I am minded to think that one of the worse judgements God can bring to pass is when he gives us over to something.
Much of the time, the Lord hedges us in. We may wish to do something, but he stops us. We may wish not to do something, but he makes it impossible for us not to get on and do it. We see him doing this throughout scripture at various points and few Christians will look back on their own lives and the decisions they’ve taken and not see him doing this with them too. But I am convinced one of the worst judgements is when the Lord – despite hedging us in and keeping us from whatever it is our heart desires in the moment – gives us over to it in the end.
The problem is that this sort of thing is so deceptive. Often, the thing we seem to really want isn’t wrong of itself. It might be related to our work, family or stuff we own. Whatever it is, the chances are that the thing is not sinful or a problem of itself. The issue is what lies behind our wanting it. The thing may be fine, but the Lord may have good reasons why he has chosen not to grant it to you.
This is when we may find the problems begin. Whilst the thing itself is perfectly acceptable, it is typically our heart-attitude and the degree of value that we place on this thing that is not. We begin to push hard for it. We will not settle until we get it. We may even begin to doubt God’s goodness because he has withheld it from us. It has, to all intents and purposes, become an idol to us.
Now, the Lord may be gracious and keep us from that thing anyway. He, in his sovereignty, may reckon it not to be for our good and thus stop us getting it. But sometimes, as we push and push for it, as we insist that we must have it, as we arrange our lives around the desire to get it, in the end the Lord may give us over to that thing. And that is rarely pretty.
Once we are given over to the thing, it consumes us. They start to get a hold of us. They demand more and more from us. The thing we spent so long chasing, and that we now finally have, comes with countless strings attached that we never foresaw. Even good things that we might have pursued become burdens on us. We realise that what the Lord was keeping us from was for our own good, but now he has given us over to it, we are having to suffer the reality of our pushing and pursuing. The green grass of the field we were admiring from afar proves to be full of more nettles and weeds than we were expecting.
Worse, our pride very often gets in the way all the more. We have been given over to this thing we pursued, but we daren’t give it up. It was the thing we set our hopes on. The thing the Lord was holding back from us, that we insisted we wanted – we needed even – and so to wind back from it now would be shameful. We would be seen, publicly, to have been wrong. We are facing hardships we needn’t have faced and yet we are driven to continue in them because to admit we were wrong to pursue it in the first place would dent our pride too much. We are given over, and then trapped, by the very thing we insisted we needed most of all.

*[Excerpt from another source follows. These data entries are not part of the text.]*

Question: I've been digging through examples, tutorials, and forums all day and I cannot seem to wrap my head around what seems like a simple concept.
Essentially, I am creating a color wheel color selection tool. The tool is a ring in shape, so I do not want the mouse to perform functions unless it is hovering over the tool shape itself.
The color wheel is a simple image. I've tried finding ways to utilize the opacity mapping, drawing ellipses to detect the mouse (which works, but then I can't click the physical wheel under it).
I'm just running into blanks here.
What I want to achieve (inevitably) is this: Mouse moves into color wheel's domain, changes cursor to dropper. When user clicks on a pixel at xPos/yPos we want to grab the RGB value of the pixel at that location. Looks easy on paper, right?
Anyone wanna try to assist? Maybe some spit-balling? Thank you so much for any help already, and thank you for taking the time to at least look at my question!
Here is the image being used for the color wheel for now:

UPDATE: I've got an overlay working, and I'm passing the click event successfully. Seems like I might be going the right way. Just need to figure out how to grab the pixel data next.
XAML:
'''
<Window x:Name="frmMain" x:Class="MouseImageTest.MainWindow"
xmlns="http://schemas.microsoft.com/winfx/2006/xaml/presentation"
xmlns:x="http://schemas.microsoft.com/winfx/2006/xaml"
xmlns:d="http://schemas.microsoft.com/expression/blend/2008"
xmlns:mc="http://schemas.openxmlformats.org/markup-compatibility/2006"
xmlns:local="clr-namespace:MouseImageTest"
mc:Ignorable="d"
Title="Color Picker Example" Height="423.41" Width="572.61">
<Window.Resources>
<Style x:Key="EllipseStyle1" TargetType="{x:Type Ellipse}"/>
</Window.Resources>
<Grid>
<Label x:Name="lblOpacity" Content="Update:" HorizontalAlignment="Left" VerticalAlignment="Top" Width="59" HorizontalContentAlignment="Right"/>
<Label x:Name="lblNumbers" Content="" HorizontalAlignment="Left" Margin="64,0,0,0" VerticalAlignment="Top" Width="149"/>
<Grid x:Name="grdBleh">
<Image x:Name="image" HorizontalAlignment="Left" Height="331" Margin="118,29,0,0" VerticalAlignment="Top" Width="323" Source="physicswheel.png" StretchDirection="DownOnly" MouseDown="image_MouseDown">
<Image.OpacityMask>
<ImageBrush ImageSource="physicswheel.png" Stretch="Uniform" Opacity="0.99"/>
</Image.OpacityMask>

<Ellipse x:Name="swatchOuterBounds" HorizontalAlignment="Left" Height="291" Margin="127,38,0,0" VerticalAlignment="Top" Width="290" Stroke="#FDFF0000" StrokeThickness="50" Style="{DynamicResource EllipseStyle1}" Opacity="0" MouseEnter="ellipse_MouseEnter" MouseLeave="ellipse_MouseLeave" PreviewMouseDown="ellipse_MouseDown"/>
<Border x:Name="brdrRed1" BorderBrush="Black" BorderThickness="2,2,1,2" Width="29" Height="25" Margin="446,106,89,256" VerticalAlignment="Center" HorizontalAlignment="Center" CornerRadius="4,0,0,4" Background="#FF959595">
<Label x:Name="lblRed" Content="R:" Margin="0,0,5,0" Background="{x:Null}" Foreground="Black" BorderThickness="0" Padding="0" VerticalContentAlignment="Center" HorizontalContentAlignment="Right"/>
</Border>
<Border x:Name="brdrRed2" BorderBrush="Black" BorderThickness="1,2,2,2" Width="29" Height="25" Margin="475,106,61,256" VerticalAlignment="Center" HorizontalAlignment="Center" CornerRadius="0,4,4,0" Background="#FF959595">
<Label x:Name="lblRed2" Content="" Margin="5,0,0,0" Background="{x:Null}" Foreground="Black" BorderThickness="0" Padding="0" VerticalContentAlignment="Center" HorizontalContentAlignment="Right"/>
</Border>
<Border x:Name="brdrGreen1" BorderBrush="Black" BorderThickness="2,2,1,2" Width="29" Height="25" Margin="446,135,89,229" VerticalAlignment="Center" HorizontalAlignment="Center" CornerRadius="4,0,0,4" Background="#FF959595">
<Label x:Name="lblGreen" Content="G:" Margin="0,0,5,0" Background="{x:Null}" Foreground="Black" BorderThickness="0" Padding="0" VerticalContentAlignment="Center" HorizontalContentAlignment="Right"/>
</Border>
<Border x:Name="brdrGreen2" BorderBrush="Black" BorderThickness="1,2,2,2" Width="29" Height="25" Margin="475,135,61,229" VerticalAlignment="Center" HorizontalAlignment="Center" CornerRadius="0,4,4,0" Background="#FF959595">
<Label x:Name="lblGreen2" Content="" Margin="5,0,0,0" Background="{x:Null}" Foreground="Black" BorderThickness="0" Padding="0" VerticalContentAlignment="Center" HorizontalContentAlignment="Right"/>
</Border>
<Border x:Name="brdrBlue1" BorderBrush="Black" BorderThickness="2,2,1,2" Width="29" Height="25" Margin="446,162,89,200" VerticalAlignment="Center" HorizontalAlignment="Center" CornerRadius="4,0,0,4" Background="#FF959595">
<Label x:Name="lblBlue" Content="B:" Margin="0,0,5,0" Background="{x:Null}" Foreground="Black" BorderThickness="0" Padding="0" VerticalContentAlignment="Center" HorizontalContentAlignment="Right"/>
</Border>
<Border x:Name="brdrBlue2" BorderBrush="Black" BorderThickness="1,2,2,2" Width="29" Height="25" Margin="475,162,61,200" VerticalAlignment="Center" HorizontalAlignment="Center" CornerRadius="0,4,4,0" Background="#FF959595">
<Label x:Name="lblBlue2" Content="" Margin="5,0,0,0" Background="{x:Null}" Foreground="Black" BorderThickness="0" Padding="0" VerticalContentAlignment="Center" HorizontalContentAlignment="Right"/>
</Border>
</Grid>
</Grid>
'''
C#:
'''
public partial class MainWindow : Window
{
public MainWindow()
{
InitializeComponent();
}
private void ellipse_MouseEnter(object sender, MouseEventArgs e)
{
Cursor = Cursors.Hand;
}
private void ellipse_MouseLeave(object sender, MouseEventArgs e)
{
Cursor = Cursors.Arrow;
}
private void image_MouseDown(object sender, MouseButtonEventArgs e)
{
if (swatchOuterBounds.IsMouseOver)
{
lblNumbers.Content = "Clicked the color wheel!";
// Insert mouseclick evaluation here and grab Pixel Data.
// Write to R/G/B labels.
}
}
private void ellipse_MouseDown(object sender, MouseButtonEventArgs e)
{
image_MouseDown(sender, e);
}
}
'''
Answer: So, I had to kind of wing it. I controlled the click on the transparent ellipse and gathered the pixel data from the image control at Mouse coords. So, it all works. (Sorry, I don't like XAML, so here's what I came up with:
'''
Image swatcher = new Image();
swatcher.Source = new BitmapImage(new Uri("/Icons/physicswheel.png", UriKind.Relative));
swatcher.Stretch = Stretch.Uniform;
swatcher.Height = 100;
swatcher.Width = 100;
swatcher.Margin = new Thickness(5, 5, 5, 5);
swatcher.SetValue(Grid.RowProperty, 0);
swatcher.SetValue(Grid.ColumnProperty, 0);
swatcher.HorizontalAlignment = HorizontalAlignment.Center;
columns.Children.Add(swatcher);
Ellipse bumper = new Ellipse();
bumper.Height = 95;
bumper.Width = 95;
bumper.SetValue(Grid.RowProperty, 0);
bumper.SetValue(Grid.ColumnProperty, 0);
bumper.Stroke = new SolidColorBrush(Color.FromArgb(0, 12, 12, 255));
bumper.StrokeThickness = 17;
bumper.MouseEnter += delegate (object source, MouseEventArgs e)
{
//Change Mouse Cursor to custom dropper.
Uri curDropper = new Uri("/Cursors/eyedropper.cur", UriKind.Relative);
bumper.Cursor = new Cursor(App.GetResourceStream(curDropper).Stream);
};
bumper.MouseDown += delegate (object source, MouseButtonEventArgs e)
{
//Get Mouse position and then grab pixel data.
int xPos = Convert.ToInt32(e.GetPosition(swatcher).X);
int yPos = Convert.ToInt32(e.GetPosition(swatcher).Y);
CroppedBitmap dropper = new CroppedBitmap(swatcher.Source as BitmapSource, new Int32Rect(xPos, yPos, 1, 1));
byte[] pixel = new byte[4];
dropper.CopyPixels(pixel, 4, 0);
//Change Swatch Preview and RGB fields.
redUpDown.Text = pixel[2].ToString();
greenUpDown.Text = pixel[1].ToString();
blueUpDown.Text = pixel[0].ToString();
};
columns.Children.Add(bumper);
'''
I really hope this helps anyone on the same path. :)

As ever, the solution lies in the gospel. It lies in contenting ourselves with Christ. We don’t need to chase these things. We don’t need to be fulfilled by anything outside of him. We can patiently wait on him to give us all good things and, whatever he hasn’t given us as yet, is for our own good. We do well to trust him in that rather than pushing hard for what will not satisfy us. Because, if we keep pushing, he might well just give us over to it.